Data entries
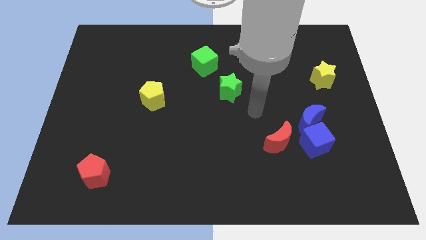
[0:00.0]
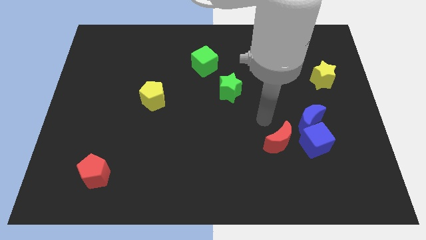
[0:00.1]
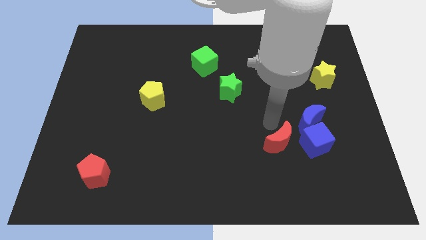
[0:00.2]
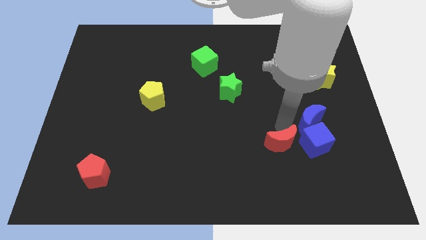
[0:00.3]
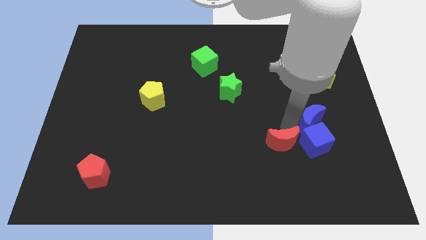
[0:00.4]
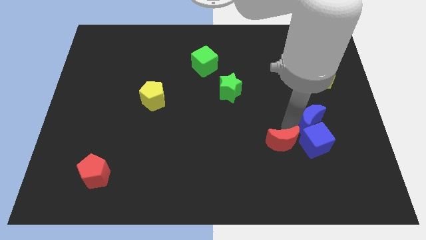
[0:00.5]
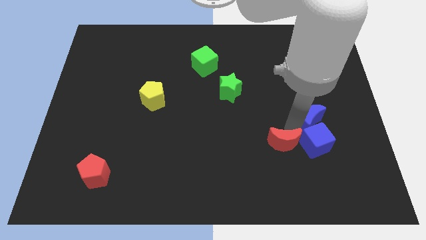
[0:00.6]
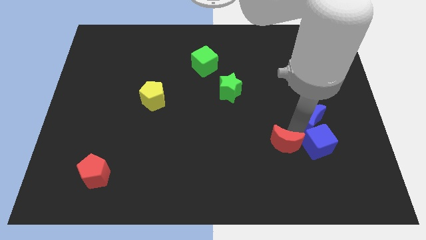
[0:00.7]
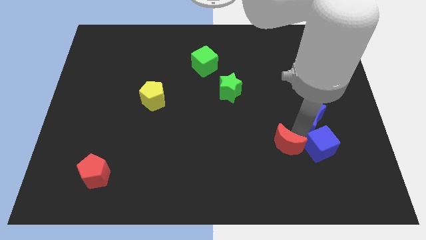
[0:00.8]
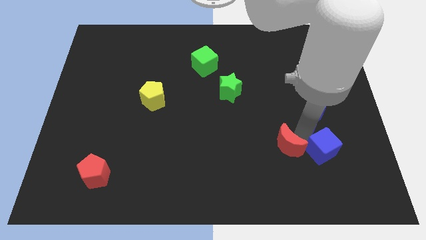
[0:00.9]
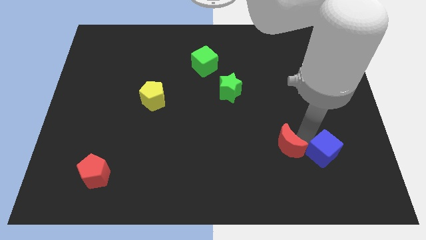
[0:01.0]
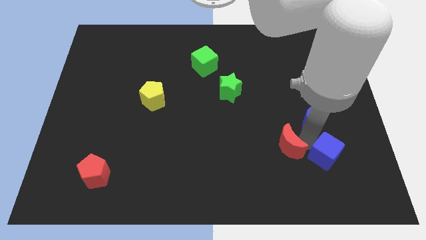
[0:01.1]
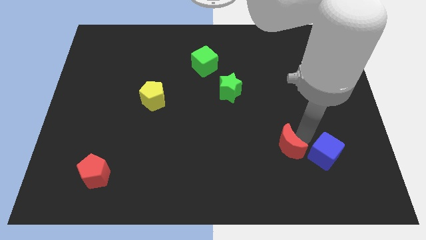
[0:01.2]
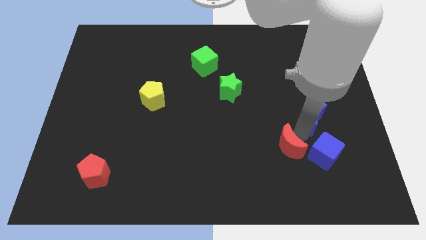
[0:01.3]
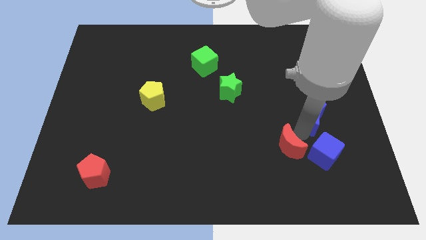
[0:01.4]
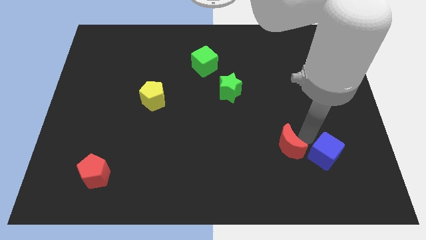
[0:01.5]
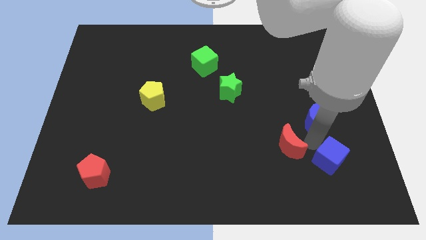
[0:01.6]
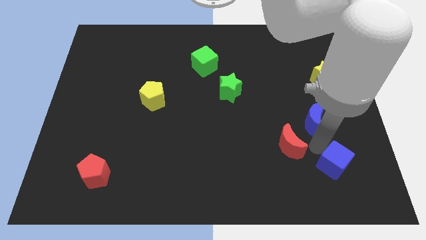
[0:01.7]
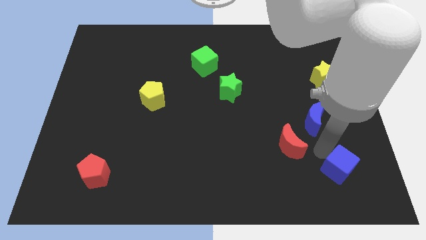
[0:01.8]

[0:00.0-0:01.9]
move the blue cube away from the blue moon and red moon

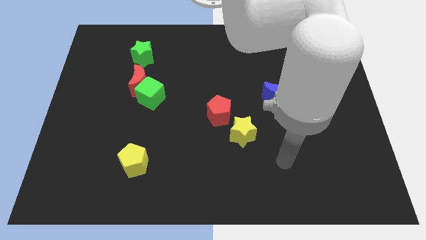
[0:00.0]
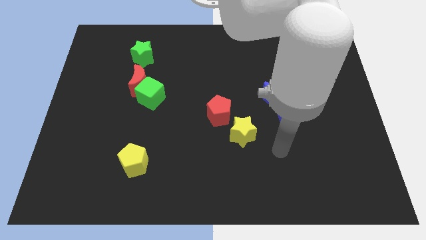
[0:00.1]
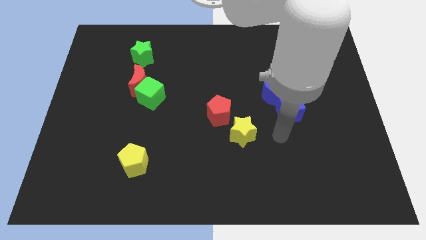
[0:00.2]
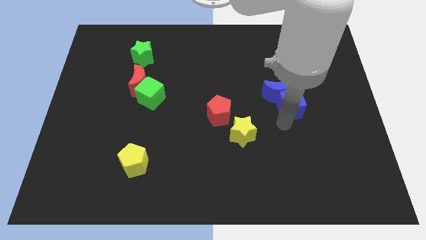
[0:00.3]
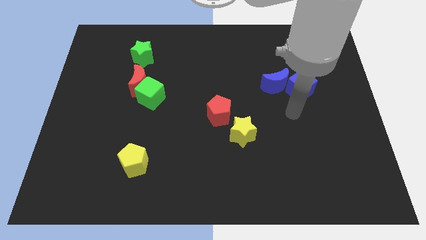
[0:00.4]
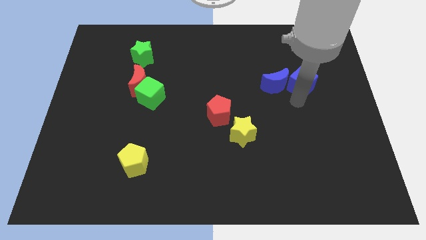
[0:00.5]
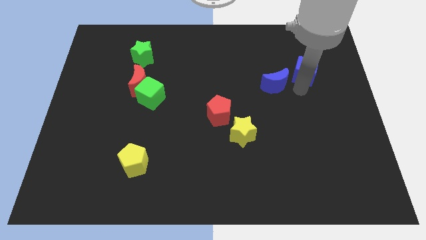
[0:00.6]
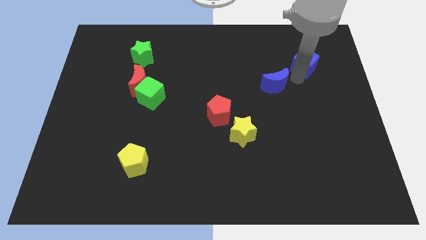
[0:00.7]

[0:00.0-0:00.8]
pull the blue moon apart from the blue cube

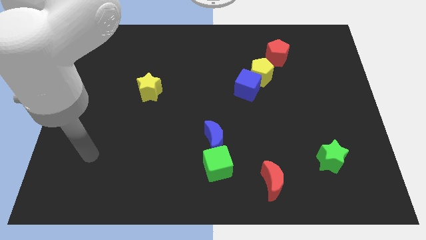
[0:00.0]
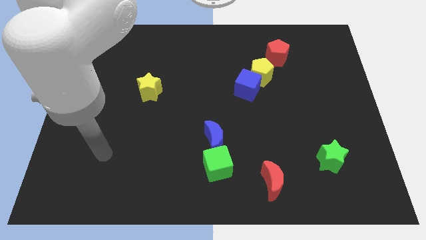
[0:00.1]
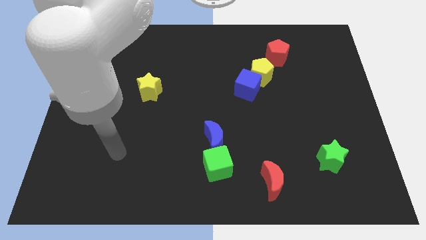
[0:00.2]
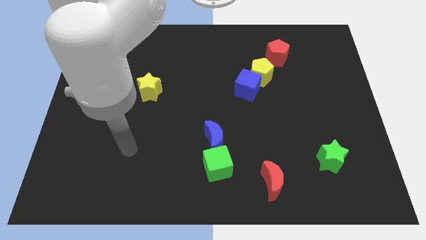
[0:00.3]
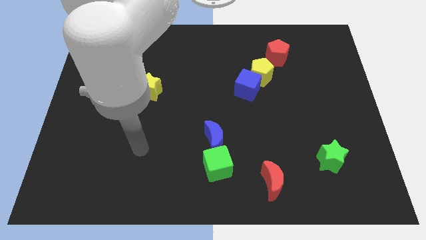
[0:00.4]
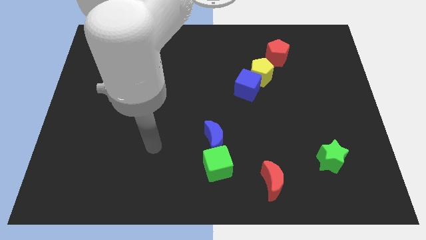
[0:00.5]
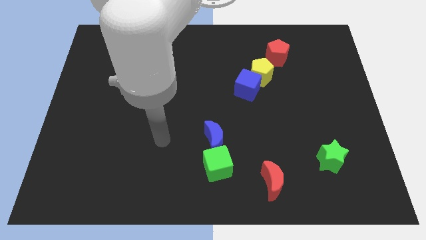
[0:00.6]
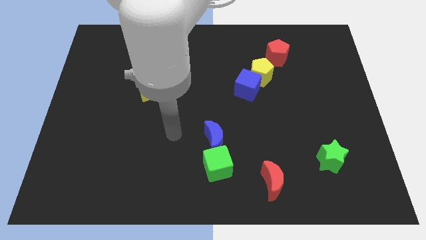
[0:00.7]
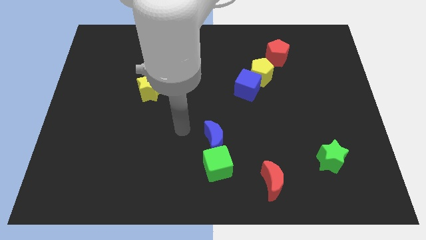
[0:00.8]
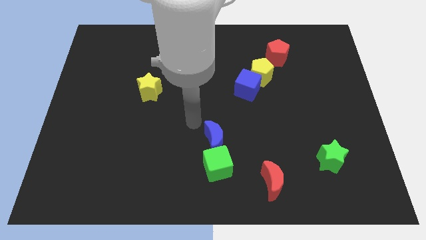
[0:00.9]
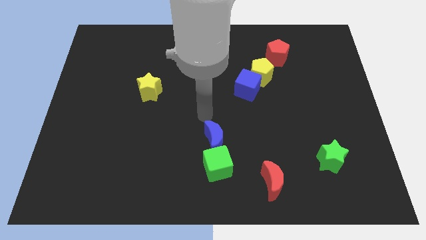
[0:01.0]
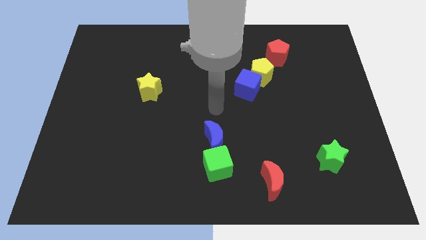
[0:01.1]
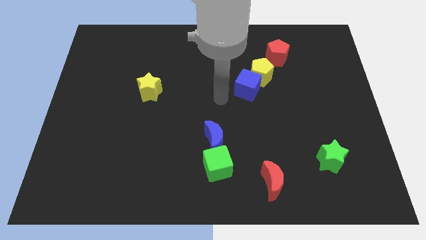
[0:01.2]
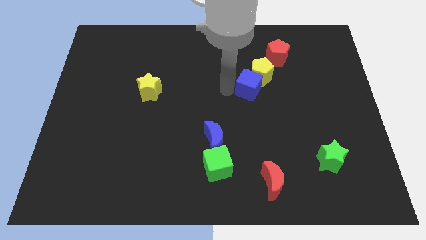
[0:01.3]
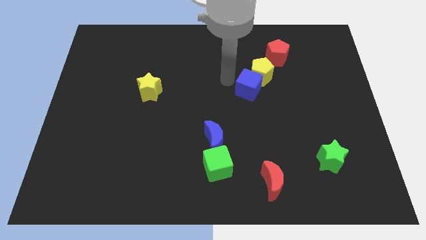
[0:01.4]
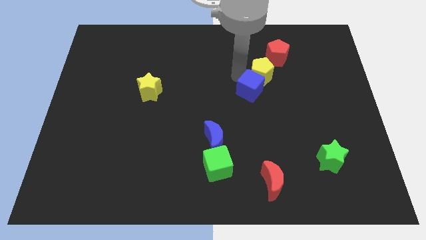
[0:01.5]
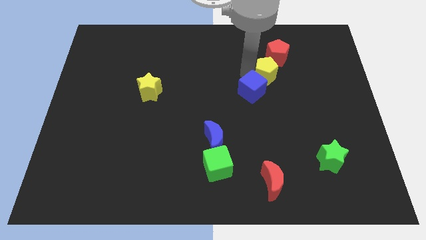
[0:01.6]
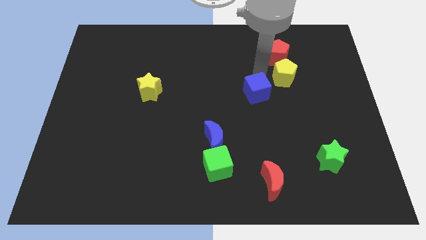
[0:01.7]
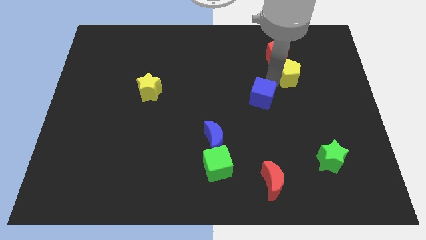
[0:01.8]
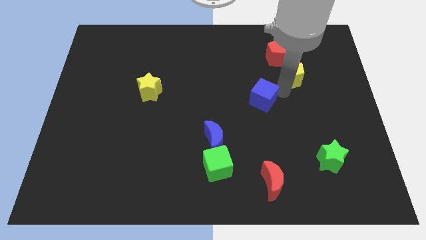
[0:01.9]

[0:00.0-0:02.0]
move the blue cube away from the yellow pentagon

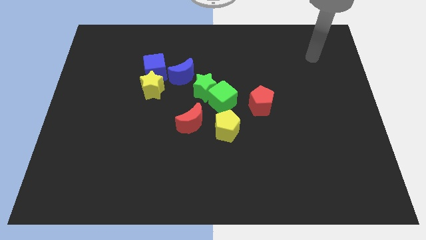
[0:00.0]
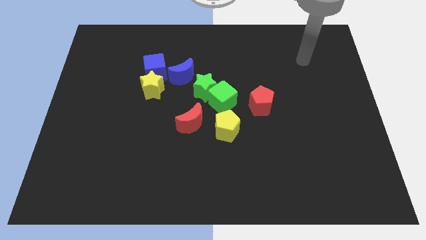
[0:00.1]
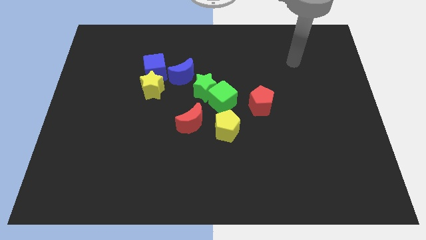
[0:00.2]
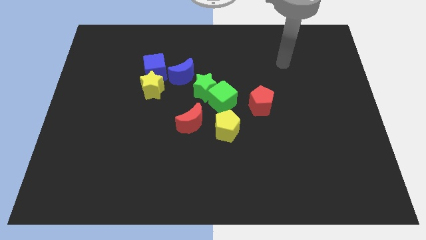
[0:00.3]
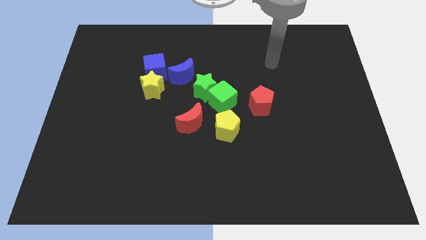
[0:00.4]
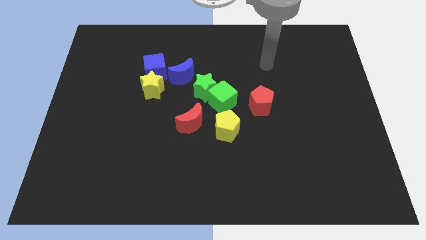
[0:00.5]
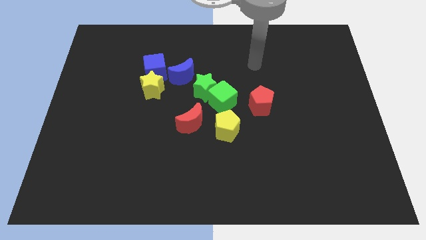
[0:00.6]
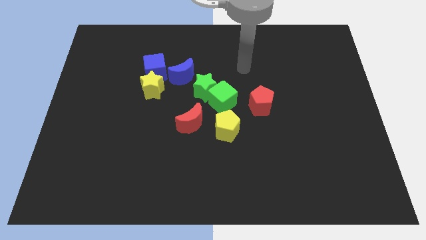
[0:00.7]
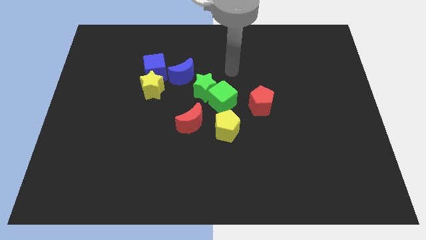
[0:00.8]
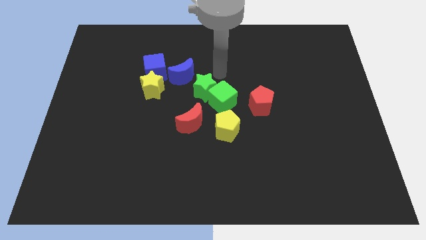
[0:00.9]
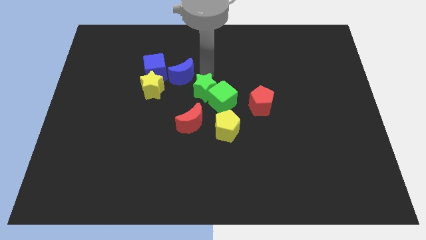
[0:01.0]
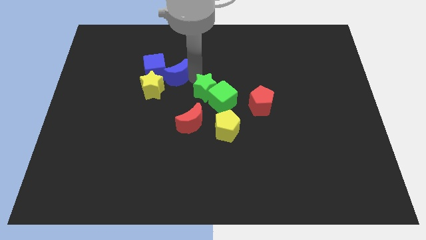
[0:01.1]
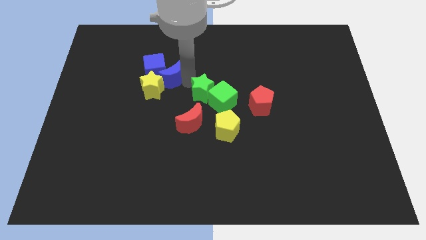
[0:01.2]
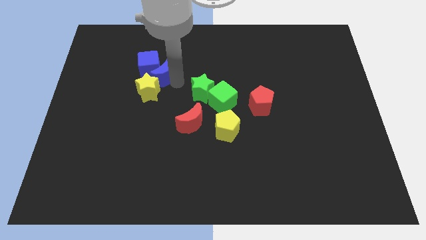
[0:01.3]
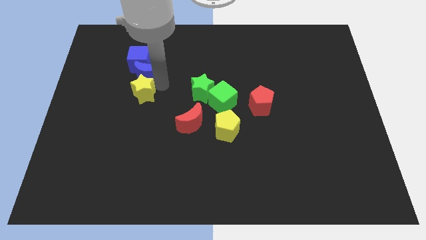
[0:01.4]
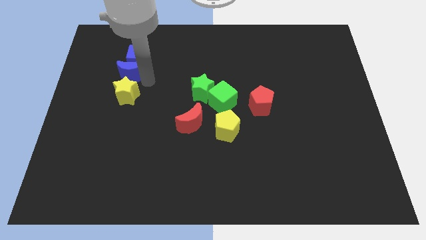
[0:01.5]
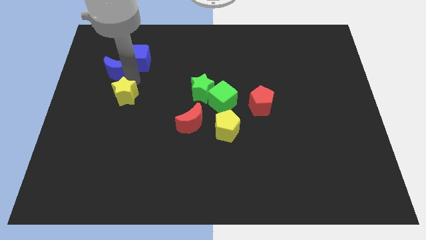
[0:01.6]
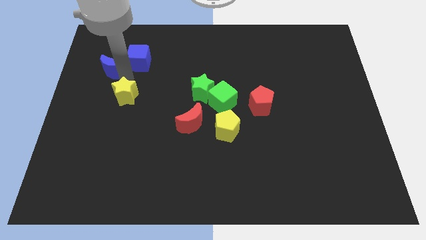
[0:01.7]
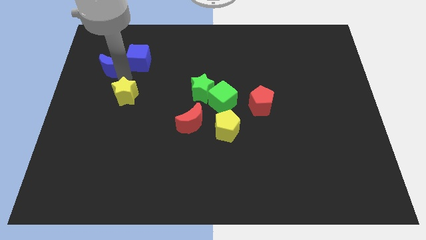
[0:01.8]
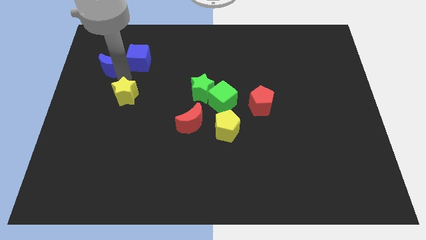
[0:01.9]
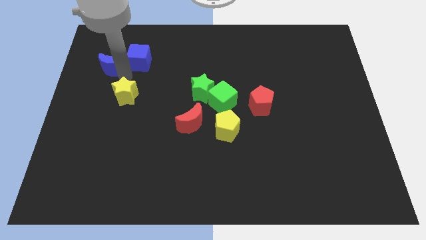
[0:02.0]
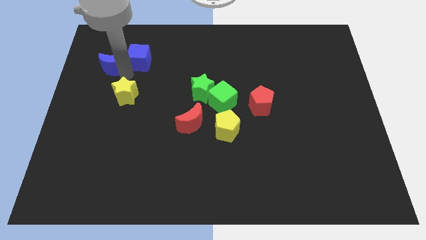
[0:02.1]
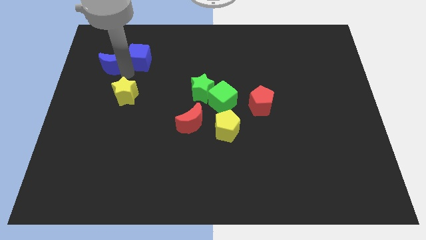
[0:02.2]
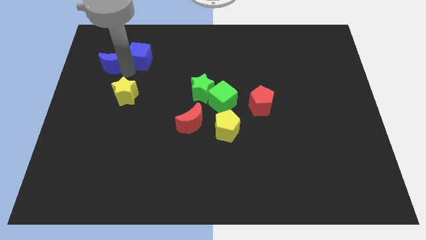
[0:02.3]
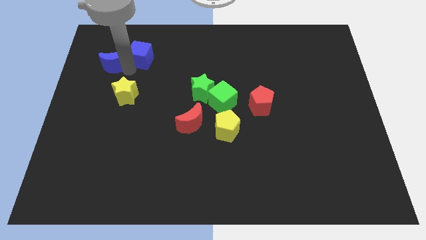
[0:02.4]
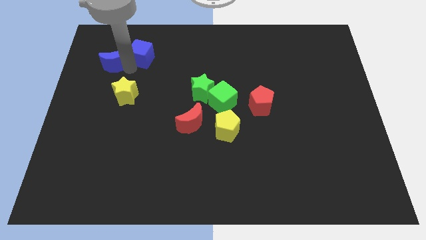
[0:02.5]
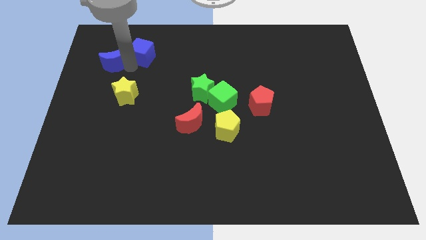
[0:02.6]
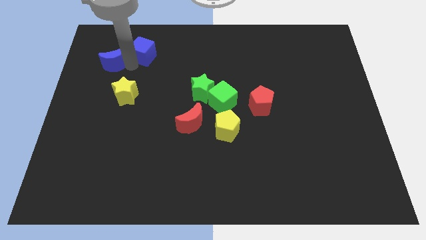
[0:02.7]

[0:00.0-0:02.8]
move the blue cube away from the yellow star and blue moon

▸ **What is being asked**: Output, exactly and with no pictures, every line from the one that contains "[0:00.0-0:01.9]" through the final line of the entries.

▸ **Written solution**:
[0:00.0-0:01.9]
move the blue cube away from the blue moon and red moon

[0:00.0]
[0:00.1]
[0:00.2]
[0:00.3]
[0:00.4]
[0:00.5]
[0:00.6]
[0:00.7]

[0:00.0-0:00.8]
pull the blue moon apart from the blue cube

[0:00.0]
[0:00.1]
[0:00.2]
[0:00.3]
[0:00.4]
[0:00.5]
[0:00.6]
[0:00.7]
[0:00.8]
[0:00.9]
[0:01.0]
[0:01.1]
[0:01.2]
[0:01.3]
[0:01.4]
[0:01.5]
[0:01.6]
[0:01.7]
[0:01.8]
[0:01.9]

[0:00.0-0:02.0]
move the blue cube away from the yellow pentagon

[0:00.0]
[0:00.1]
[0:00.2]
[0:00.3]
[0:00.4]
[0:00.5]
[0:00.6]
[0:00.7]
[0:00.8]
[0:00.9]
[0:01.0]
[0:01.1]
[0:01.2]
[0:01.3]
[0:01.4]
[0:01.5]
[0:01.6]
[0:01.7]
[0:01.8]
[0:01.9]
[0:02.0]
[0:02.1]
[0:02.2]
[0:02.3]
[0:02.4]
[0:02.5]
[0:02.6]
[0:02.7]

[0:00.0-0:02.8]
move the blue cube away from the yellow star and blue moon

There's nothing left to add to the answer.